La Chine, opportuniste face aux tensions entre Trump et l’Iran

Le président américain Donald Trump se rend à Pékin ce mercredi 13 mai avec l’espoir de résoudre la crise iranienne, mais les négociations piétinent. Si officiellement le sommet avec Xi Jinping, qui se poursuivra jusqu’au 15 mai, doit aborder des questions telles que les droits de douane, les tensions commerciales et la situation à Taïwan, le conflit au Moyen-Orient sera également au centre des discussions. Ce contexte offre à la Chine une opportunité de renforcer son influence sur la scène internationale.

EN BREF

  • Trump cherche l’aide de la Chine pour désamorcer la situation en Iran.
  • Pékin pourrait utiliser ce dossier pour obtenir des concessions sur d’autres sujets.
  • Les relations sino-américaines restent tendues malgré l’importance de la rencontre.

Selon des responsables américains, Trump espère que Xi Jinping utilisera son influence sur Téhéran pour favoriser une désescalade. Cette dynamique place la Chine dans une position clé, alors qu’elle est l’un des rares pays capables de dialoguer directement avec le régime iranien, grâce à ses liens économiques et énergétiques. Dali Yang, professeur de sciences politiques à l’Université de Chicago, souligne la dépendance de Trump envers la médiation chinoise, ce qui est nouveau pour lui.

Pékin pourrait tirer parti de cette situation pour obtenir des concessions sur des enjeux cruciaux, notamment le commerce. En effet, après des mois de tensions douanières, les deux pays sont en pourparlers pour prolonger une fragile trêve commerciale. La Chine cherche à s’assurer que les droits de douane excessifs, qui avaient atteint jusqu’à 145 %, ne soient pas rétablis. Les discussions en cours portent également sur des achats chinois de produits agricoles américains.
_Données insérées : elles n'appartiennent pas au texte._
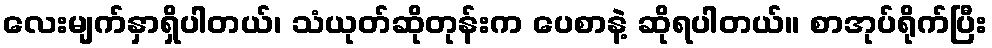
လေးမျက်နှာရှိပါတယ်၊ သံယုတ်ဆိုတုန်းက ပေစာနဲ့ ဆိုရပါတယ်။ စာအုပ်ရိုက်ပြီး

Un autre sujet sensible qui pourrait émerger lors de ces négociations est le cas de Taïwan. Pékin a longtemps demandé une réduction du soutien militaire américain à l’île, critiquant les ventes d’armes américaines. L’an dernier, un accord de vente d’armes d’une valeur de 11 milliards de dollars à Taïwan avait été approuvé par le Congrès américain, mais a été suspendu avant le sommet Trump-Xi. La Chine pourrait demander un geste symbolique à Trump concernant cette question, bien que les décisions concrètes relèvent du Congrès.

Les deux dirigeants doivent naviguer entre une diplomatie compliquée et des attentes élevées. Xi Jinping, tout en appelant à de nouvelles perspectives de coopération sur Taïwan, devra également gérer les attentes américaines concernant la guerre en Iran. Le double discours de Pékin, qui oscille entre apaisement et soutien à Téhéran, complique encore davantage cette dynamique.

La Chine, face à la guerre en Iran, ne cherche pas seulement à jouer un rôle de stabilisateur, mais également à renforcer son image de puissance diplomatique. Dans un contexte où les États-Unis semblent absorbés par leurs propres crises au Moyen-Orient, Xi Jinping pourrait capitaliser sur cette situation pour affirmer son autorité.

Cependant, la rencontre entre Trump et Xi ne devrait pas déboucher sur des résultats concrets. Henrietta Levin, chercheuse au Centre d’études stratégiques et internationales de Washington, fait état d’un consensus sur la nécessité de maintenir la stabilité des relations sino-américaines. Pourtant, au-delà de cette stabilité, l’avenir de cette relation demeure incertain, et il est probable que cette réunion n’aboutisse qu’à des discussions initiales.

Trump pourrait, comme à son habitude, se féliciter d’un « échange constructif » sur les réseaux sociaux, mais cela ne serait qu’un premier pas. Les deux présidents doivent encore se retrouver au G20 en décembre à Miami, où de nouveaux enjeux pourraient émerger.